Member of Parliament for Dollard
- In office 10 August 1953 – 31 July 1965
- Preceded by: Riding created
- Succeeded by: Jean-Pierre Goyer

Personal details
- Born: 19 February 1923 Montreal, Quebec, Canada
- Died: 7 October 2010 (aged 87)
- Party: Liberal
- Profession: Lawyer

= Guy Rouleau (politician) =

Canadian politician

Guy Rouleau (19 February 1923 - 7 October 2010) was a Liberal party member of the House of Commons of Canada. He was a lawyer by career.

He was first elected at the Dollard riding in the 1953 general election and re-elected for successive terms in 1957, 1958, 1962 and 1963, but his term in the Liberal caucus ended on 31 July 1965 before his term in the 26th Canadian Parliament ended. Rouleau did not seek further re-election after this.

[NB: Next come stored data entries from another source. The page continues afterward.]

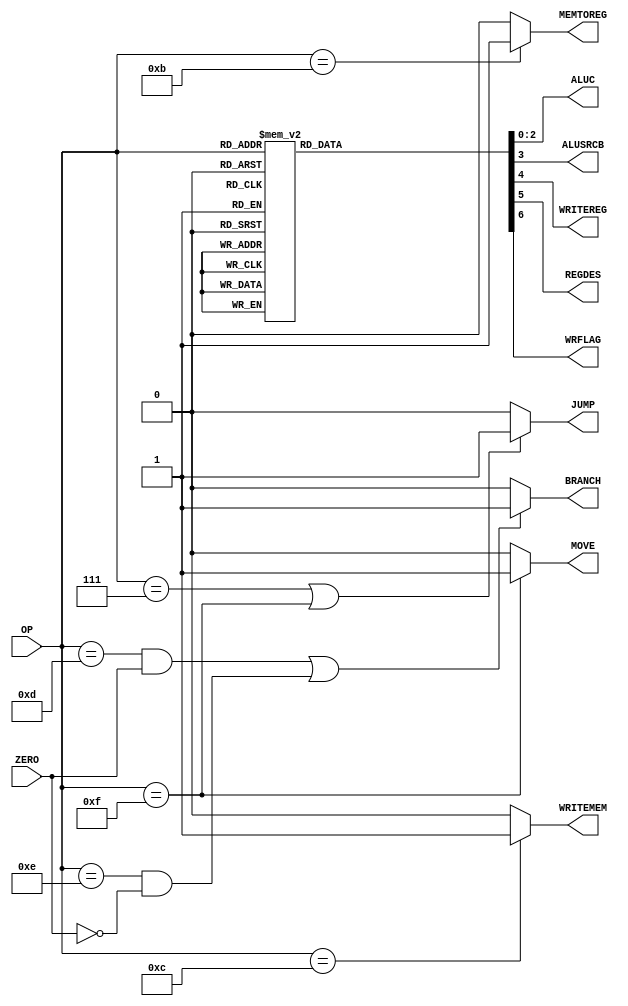
`timescale 1ns / 1ps
//////////////////////////////////////////////////////////////////////////////////
// Company: 
// Engineer: 
// 
// Design Name: 
// Module Name: ctrlunit_InstMOV
// Project Name: 
// Target Devices: 
// Tool Versions: 
// Description: 
// 
// Dependencies: 
// 
// Revision:
// Revision 0.01 - File Created
// Additional Comments:
// 
//////////////////////////////////////////////////////////////////////////////////


module ctrlunit_InstMOV(
    input  wire [3:0] OP       ,
    input  wire       ZERO     ,
    output reg        JUMP     ,
    output reg        BRANCH   ,
    output reg  [2:0] ALUC     ,
    output reg        ALUSRCB  ,
    output reg        WRITEMEM ,
    output reg        WRITEREG ,
    output reg        MEMTOREG ,
    output reg        REGDES   ,
    output reg        WRFLAG   ,
    output reg        MOVE  
    );
    
    parameter 
         ALU_AND  = 3'b000 ,
         ALU_OR   = 3'b001 ,
         ALU_ADD  = 3'b010 ,
         ALU_SUB  = 3'b011 ,
         ALU_SLT  = 3'b100 ,
         ALU_SUBC = 3'b101 ,
         ALU_ADDC = 3'b110 ,
		 ALU_NAN  = 3'b111 ,
         AND      = 4'b0000,
         OR       = 4'b0001,
         ADD      = 4'b0010,
         SUB      = 4'b0011,
         SLT      = 4'b0100,
         SUBC     = 4'b0101,
         ADDC     = 4'b0110,
         JMP      = 4'b0111,
         ANDI     = 4'b1000,
         ORI      = 4'b1001,
         ADDI     = 4'b1010,
         LW       = 4'b1011,
         SW       = 4'b1100,
         BEQ      = 4'b1101,
         MOV      = 4'b1111, //
         BNE      = 4'b1110;
    
always@(*)
    begin
        if(OP == JMP || OP == MOV)     JUMP = 1;
        else                           JUMP = 0;
        
        if( (OP == BEQ && ZERO == 1)||(OP == BNE && ZERO == 0) )  BRANCH = 1;
        else                                                      BRANCH = 0;
        
        if(OP == SW)  WRITEMEM = 1;
        else          WRITEMEM = 0;
        
        if(OP == LW)  MEMTOREG = 1;
        else          MEMTOREG = 0;
        
        if(OP == MOV)  MOVE = 1;
        else           MOVE = 0;
        
        case(OP)
            AND  :
                begin
                    ALUC     = ALU_AND;
                    ALUSRCB  = 0;
                    WRITEREG = 1;
                    REGDES   = 1;
                    WRFLAG   = 0;
                end  
            OR   :
                begin
                    ALUC     = ALU_OR;
                    ALUSRCB  = 0;
                    WRITEREG = 1;
                    REGDES   = 1;
                    WRFLAG   = 0;
                end  
            ADD  :
                begin
                    ALUC     = ALU_ADD;
                    ALUSRCB  = 0;
                    WRITEREG = 1;
                    REGDES   = 1;
                    WRFLAG   = 1;
                end  
            SUB  :
                begin
                    ALUC     = ALU_SUB;
                    ALUSRCB  = 0;
                    WRITEREG = 1;
                    REGDES   = 1;
                    WRFLAG   = 1;
                end  
            SLT  :
                begin
                    ALUC     = ALU_SLT;
                    ALUSRCB  = 0;
                    WRITEREG = 1;
                    REGDES   = 1;
                    WRFLAG   = 0;
                end  
            SUBC :
                begin
                    ALUC     = ALU_SUBC;
                    ALUSRCB  = 0;
                    WRITEREG = 1;
                    REGDES   = 1;
                    WRFLAG   = 1;
                end  
            ADDC :
                begin
                    ALUC     = ALU_ADDC;
                    ALUSRCB  = 0;
                    WRITEREG = 1;
                    REGDES   = 1;
                    WRFLAG   = 1;
                end  
            JMP  :
				begin
                    ALUC     = ALU_NAN;
                    ALUSRCB  = 0;
                    WRITEREG = 0;
                    REGDES   = 0;
                    WRFLAG   = 0;
                end
            ANDI :
				begin
                    ALUC     = ALU_AND;
                    ALUSRCB  = 1;
                    WRITEREG = 1;
                    REGDES   = 0;
                    WRFLAG   = 0;
                end
            ORI  :
				begin
                    ALUC     = ALU_OR;
                    ALUSRCB  = 1;
                    WRITEREG = 1;
                    REGDES   = 0;
                    WRFLAG   = 0;
                end
            ADDI :
				begin
                    ALUC     = ALU_ADD;
                    ALUSRCB  = 1;
                    WRITEREG = 1;
                    REGDES   = 0;
                    WRFLAG   = 1;
                end
            MOV://
                begin
                    ALUC     = ALU_ADD;
                    ALUSRCB  = 1;
                    WRITEREG = 0;
                    REGDES   = 0;
                    WRFLAG   = 0;
                end
            LW   :
				begin
                    ALUC     = ALU_ADD;
                    ALUSRCB  = 1;
                    WRITEREG = 1;
                    REGDES   = 0;
                    WRFLAG   = 0;
                end
            SW   :
				begin
                    ALUC     = ALU_ADD;
                    ALUSRCB  = 1;
                    WRITEREG = 0;
                    REGDES   = 0;
                    WRFLAG   = 0;
                end
            BEQ  :
				begin
                    ALUC     = ALU_SUB;
                    ALUSRCB  = 0;
                    WRITEREG = 0;
                    REGDES   = 0;
                    WRFLAG   = 0;
                end
            BNE  :
				begin
                    ALUC     = ALU_SUB;
                    ALUSRCB  = 0;
                    WRITEREG = 0;
                    REGDES   = 0;
                    WRFLAG   = 0;
                end
            default:
				begin
                    ALUC     = ALU_NAN;
                    ALUSRCB  = 0;
                    WRITEREG = 0;
                    REGDES   = 0;
                    WRFLAG   = 0;
                end
        endcase
   
    end
endmodule
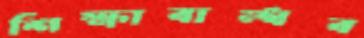
শিক্ষাবান্ধব
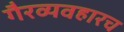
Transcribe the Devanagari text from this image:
गैरव्यवहारच
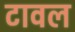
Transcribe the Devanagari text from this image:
टावल
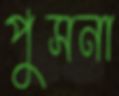
পুসনা
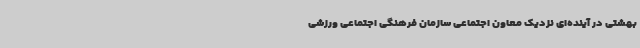
بهشتی در آینده‌ای نزدیک معاون اجتماعی سازمان فرهنگی اجتماعی ورزشی
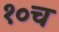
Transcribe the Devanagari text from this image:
१०च
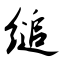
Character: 缒
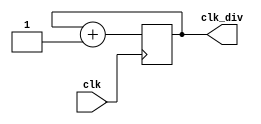
module clk_div(
    input clk,
    output reg[31:0]clk_div
  );
  initial
  begin
    clk_div=32'b0;
  end
  always @(posedge clk)
  begin
    clk_div<=clk_div+1'b1;
  end
endmodule
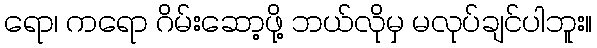
ရော၊ ကရော ဂိမ်းဆော့ဖို့ ဘယ်လိုမှ မလုပ်ချင်ပါဘူး။
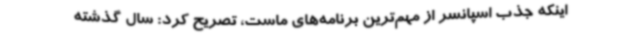
اینکه جذب اسپانسر از مهم‌ترین برنامه‌های ماست، تصریح کرد: سال گذشته
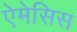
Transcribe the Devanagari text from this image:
ऐमेसिस
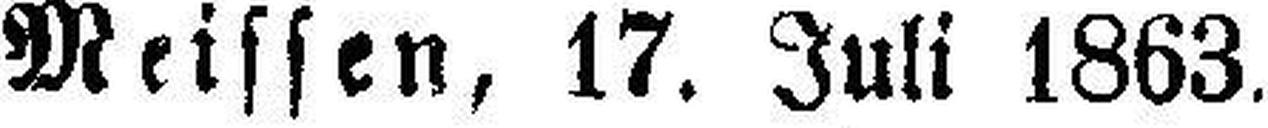
Meissen, 17. Juli 1863.
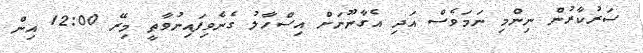
ސަރުކާރުން ނިންމި ނަމަވެސް އަދި އެގާނޫނަށް އިސްހާލު ގެނެވިފައިނުވާތީ މިރޭ 12:00 އިން
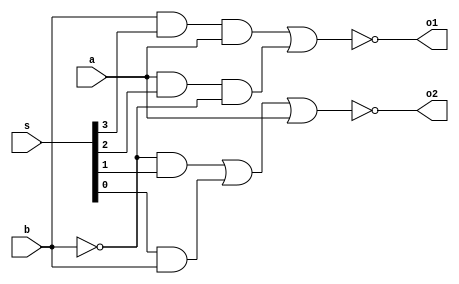
module Adder_SubModuel_L2 (a,b,s,o1,o2);
  input a,b;
  input [3:0] s;
  output o1,o2;
  wire b_inverse;
  wire temp1,temp2,temp3,temp4;


  assign b_inverse = ~b;

  assign temp1 = (b&s[3]&a);
  assign temp2 = (a&s[2]&b_inverse);
  assign temp3 = (b_inverse&s[1]);
  assign temp4 = (s[0]&b);


  assign o1 = ~(temp1|temp2);
  assign o2 = ~(temp3|temp4|a);



endmodule
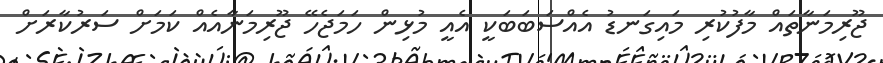
ޖޫރިމަނާތައް މާފުކުރި މައިގަނޑު އެއްސަބަބަކީ އެއީ މުޅިން ހަމަޖެހޭ ޖޫރިމަނާއެއް ކަމަށް ސަރުކާރަށް
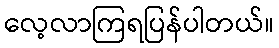
လေ့လာကြရပြန်ပါတယ်။
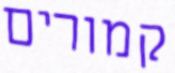
קמורים
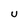
Character: U
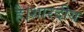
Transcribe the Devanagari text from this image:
है।शारदीय
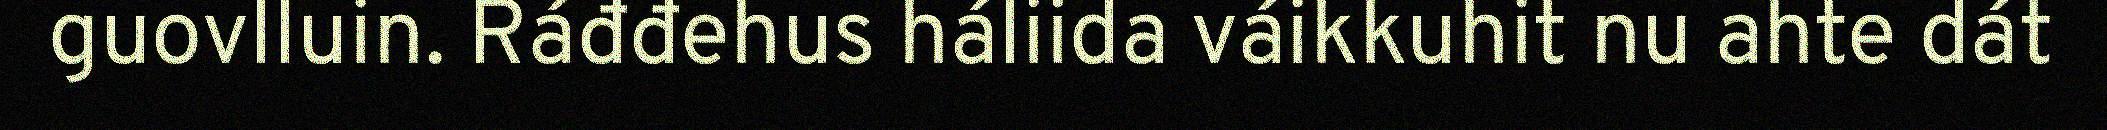
guovlluin. Ráđđehus háliida váikkuhit nu ahte dát
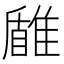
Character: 𩀐
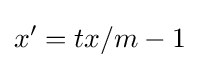
x'=tx/m-1
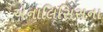
એનાલિસિસના
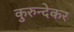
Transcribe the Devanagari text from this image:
कुरुन्देकर
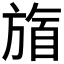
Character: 𬀋
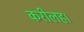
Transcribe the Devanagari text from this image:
करीलह।
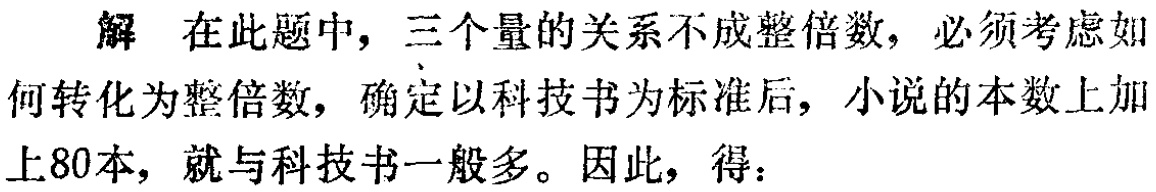
解 在此题中，三个量的关系不成整倍数，必须考虑如何转化为整倍数，确定以科技书为标准后，小说的本数上加上80本，就与科技书一般多。因此，得：
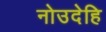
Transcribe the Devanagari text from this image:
नोउदेहि
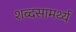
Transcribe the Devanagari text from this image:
शब्दसामर्थ्य
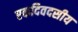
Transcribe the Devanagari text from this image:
एकदिवदसीय
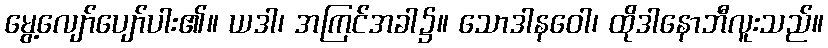
မွေ့လျော်ပျော်ပါး၏။ ယဒါ၊ အကြင်အခါ၌။ သောဒါနဝေါ၊ ထိုဒါနောဘီလူးသည်။
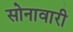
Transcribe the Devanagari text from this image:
सोनावारी
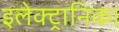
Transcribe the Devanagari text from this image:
इलेक्ट्रानिक।
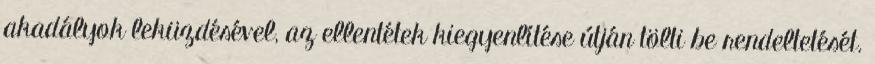
akadályok leküzdésével, az ellentétek kiegyenlítése útján tölti be rendeltetését.
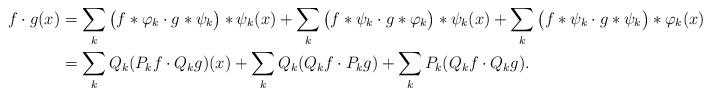
LaTeX: \begin{align*}f\cdot g (x)&=\sum_{k } \big(f \ast \varphi_k \cdot g \ast \psi_k \big) \ast \psi_k(x) +\sum_{k } \big(f \ast \psi_k \cdot g \ast \varphi_k \big) \ast \psi_k(x) +\sum_{k } \big(f \ast \psi_k \cdot g \ast \psi_k \big) \ast \varphi_k(x)\\&=\sum_{k} Q_k(P_kf \cdot Q_k g)(x)+\sum_{k} Q_k(Q_kf \cdot P_k g) +\sum_{k} P_k(Q_kf \cdot Q_k g). \end{align*}
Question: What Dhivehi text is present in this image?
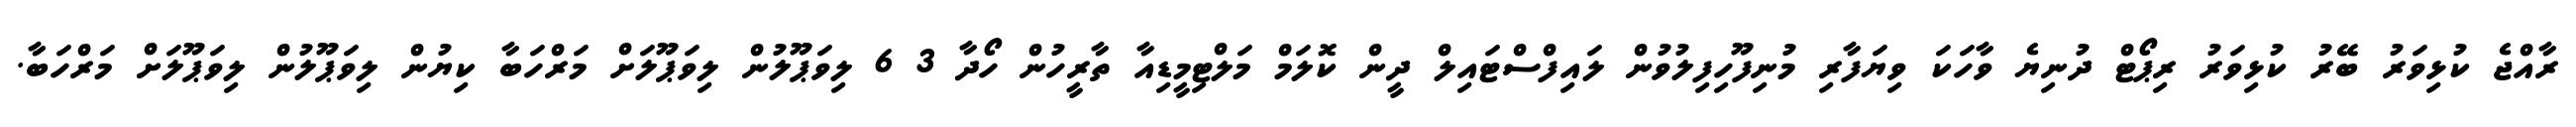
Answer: ރާއްޖެ ކުޅިވަރު ބޭރު ކުޅިވަރު ރިޕޯޓް ދުނިޔެ ވާހަކަ ވިޔަފާރި މުނިފޫހިފިލުވުން ލައިފްސްޓައިލް ދީން ކޮލަމް މަލްޓިމީޑިއާ ތާރީހުން ހޯދާ 3 6 ލިވަޕޫލުން ލިވަޕޫލަށް މަރްހަބާ ކިޔުން ލިވަޕޫލުން ލިވަޕޫލަށް މަރްހަބާ.
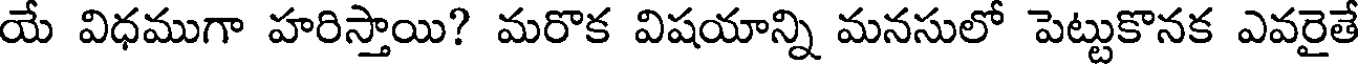
యే విధముగా హరిస్తాయి? మరొక విషయాన్ని మనసులో పెట్టుకొనక ఎవరైతే
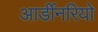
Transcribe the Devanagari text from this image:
आर्डीनरियो
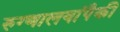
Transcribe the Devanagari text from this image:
रुग्णालयांपैकी
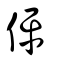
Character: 伻
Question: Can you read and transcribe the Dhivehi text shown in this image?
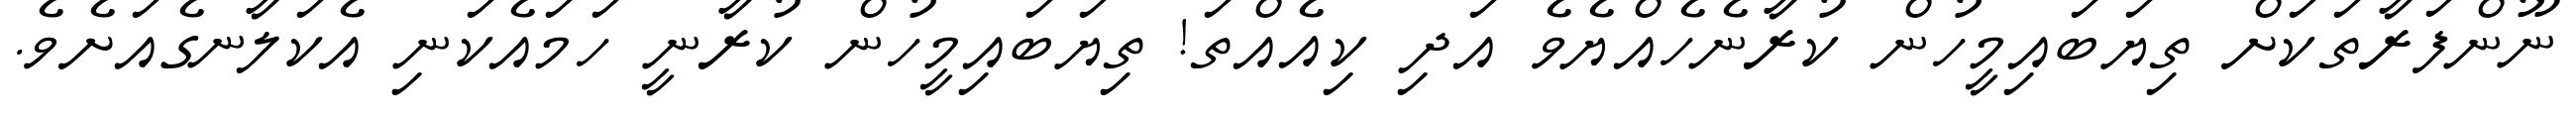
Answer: ނޫންފަރާތަކަށް ތިޔަބައިމީހުން ކުރާނެހެއްޔެވެ އަދި ކިއެއްތަ! ތިޔަބައިމީހުން ކުރާނީ ހަމައެކަނި އެކަލާނގެއަށެވެ.
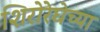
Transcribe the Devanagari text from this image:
शिरोरेघेच्या
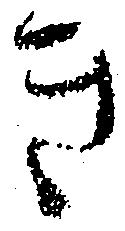
き
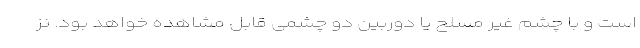
است و با چشم غیر مسلح یا دوربین دو چشمی قابل مشاهده خواهد بود. نز
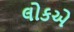
લોકએ
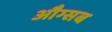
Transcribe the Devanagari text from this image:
औग्सब
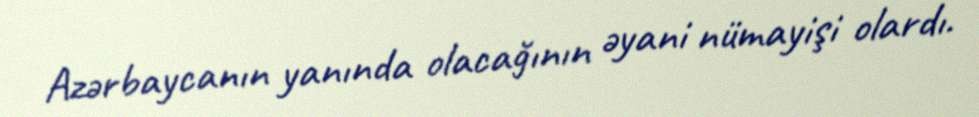
Azərbaycanın yanında olacağının əyani nümayişi olardı.
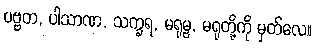
ပဗ္ဗတ, ပါသာဏ, သက္ခရ, မရုမ္ဗ, မရုတို့ကို မှတ်လေ။
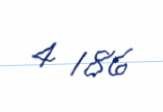
4 186
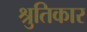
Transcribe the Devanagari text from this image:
श्रुतिकार
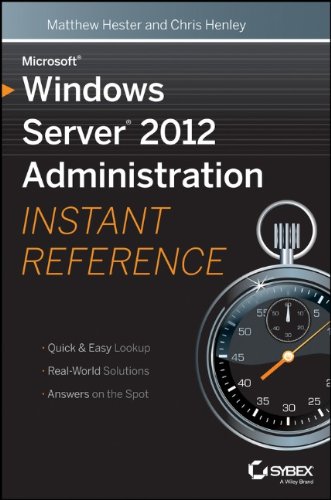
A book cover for Microsoft Windows Server 2012 Administration Instant Reference; Matthew Hester; Computers & Technology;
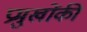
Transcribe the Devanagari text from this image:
प्रमुखोंकी
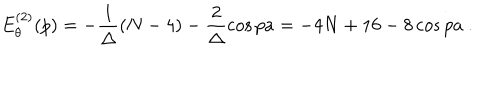
E _ { \theta } ^ { ( 2 ) } ( p ) = - \frac { 1 } { \Delta } ( N - 4 ) - \frac { 2 } { \Delta } \cos p a = - 4 N + 1 6 - 8 \cos p a \ .
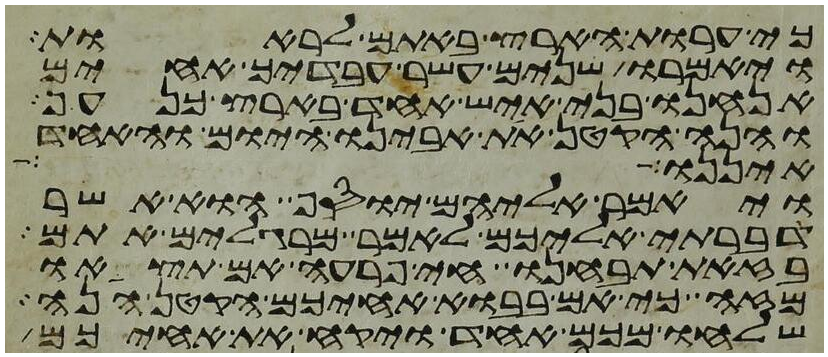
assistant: כי ערות הארץ באתם לראות
ויאמרו שנים עשר עבדיך אחים
אנחנו בני איש אחד בארץ כנען
והנה הקטן את אבינו היום והאחד
איננו
ויאמר אליהם יוסף הוא אשר
דברתי אליכם לאמר מרגלים אתם
בזאת תבחנו חי פרעה אם תצאו
מזה כי אם בבוא אחיכם הקטן הנה
שלחו מכם אחד ויקח את אחיכם
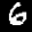
Label: 6
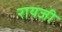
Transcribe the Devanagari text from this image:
रायजी
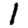
Digit: 1
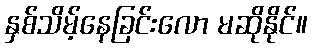
နှစ်သိမ့်နေခြင်းလော မဆိုနိုင်။
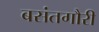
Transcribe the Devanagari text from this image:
बसंतगौरी
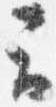
云
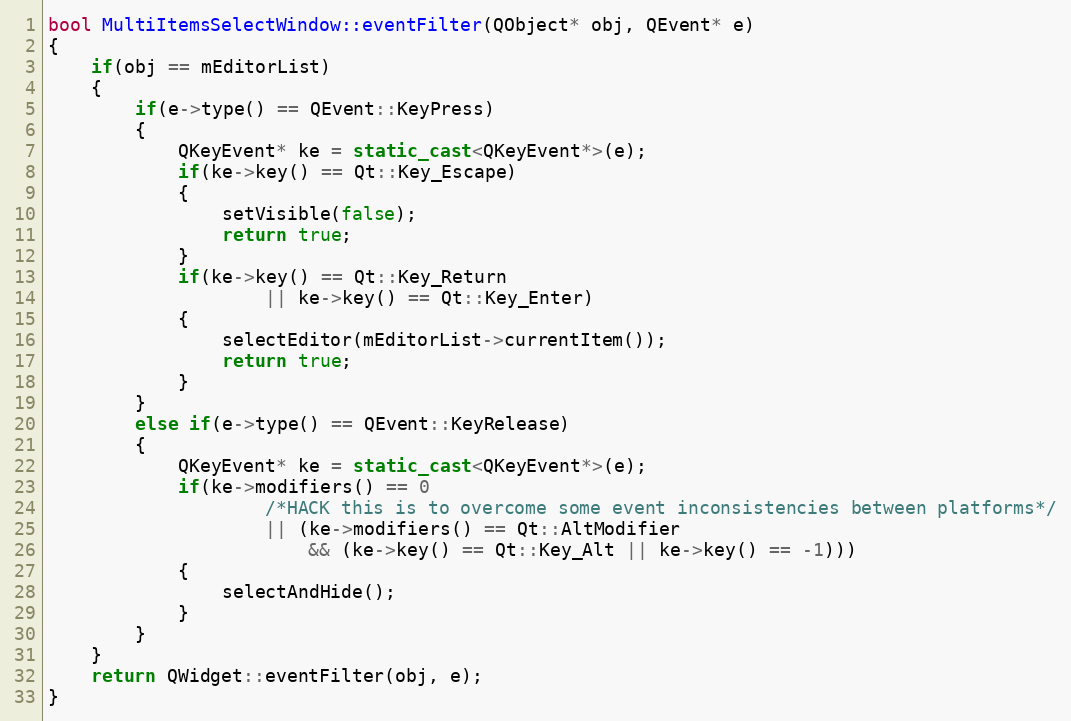
Language: C++
bool MultiItemsSelectWindow::eventFilter(QObject* obj, QEvent* e)
{
    if(obj == mEditorList)
    {
        if(e->type() == QEvent::KeyPress)
        {
            QKeyEvent* ke = static_cast<QKeyEvent*>(e);
            if(ke->key() == Qt::Key_Escape)
            {
                setVisible(false);
                return true;
            }
            if(ke->key() == Qt::Key_Return
                    || ke->key() == Qt::Key_Enter)
            {
                selectEditor(mEditorList->currentItem());
                return true;
            }
        }
        else if(e->type() == QEvent::KeyRelease)
        {
            QKeyEvent* ke = static_cast<QKeyEvent*>(e);
            if(ke->modifiers() == 0
                    /*HACK this is to overcome some event inconsistencies between platforms*/
                    || (ke->modifiers() == Qt::AltModifier
                        && (ke->key() == Qt::Key_Alt || ke->key() == -1)))
            {
                selectAndHide();
            }
        }
    }
    return QWidget::eventFilter(obj, e);
}
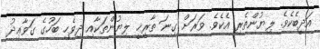
އަދީބެކެވެ. ލިޔުންތެރި އެކެވެ. ވަރަށް ގިނަ ތާރީޚީ ލިޔުންތަކާއި ދިވެހި ބަހުގެ ގަވާޢިދު
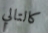
كالتالي
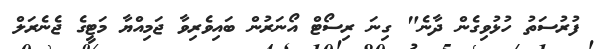
ފުރުސަތު ހުޅުވިގެން ދާނެ" ގިނަ ރިސޯޓް އޯނަރުން ބައިވެރިވާ ޖަމިއްޔާ މަޓީގެ ޖެނެރަލް
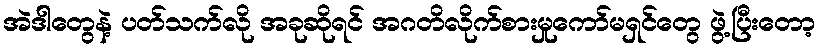
အဲဒါတွေနဲ့ ပတ်သက်လို အခုဆိုရင် အဂတိလိုက်စားမှုကော်မရှင်တွေ ဖွဲ့ပြီးတော့
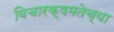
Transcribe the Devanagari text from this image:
विचारक्षमतेच्या
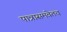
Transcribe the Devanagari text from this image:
पात्रासमवेतच
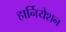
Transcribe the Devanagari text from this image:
हार्नियेशन
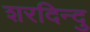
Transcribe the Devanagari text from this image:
शरदिन्दु

Rouleau became Parliamentary Secretary to Prime Minister Lester B. Pearson in February 1964. However, he was embroiled in a scandal in which Pearson's government was accused of bribery regarding attempts to secure bail for drug trafficker Lucien Rivard. The scandal affected numerous government careers, including that of Rouleau whose role as the Prime Minister's Secretary ended on 23 November 1964.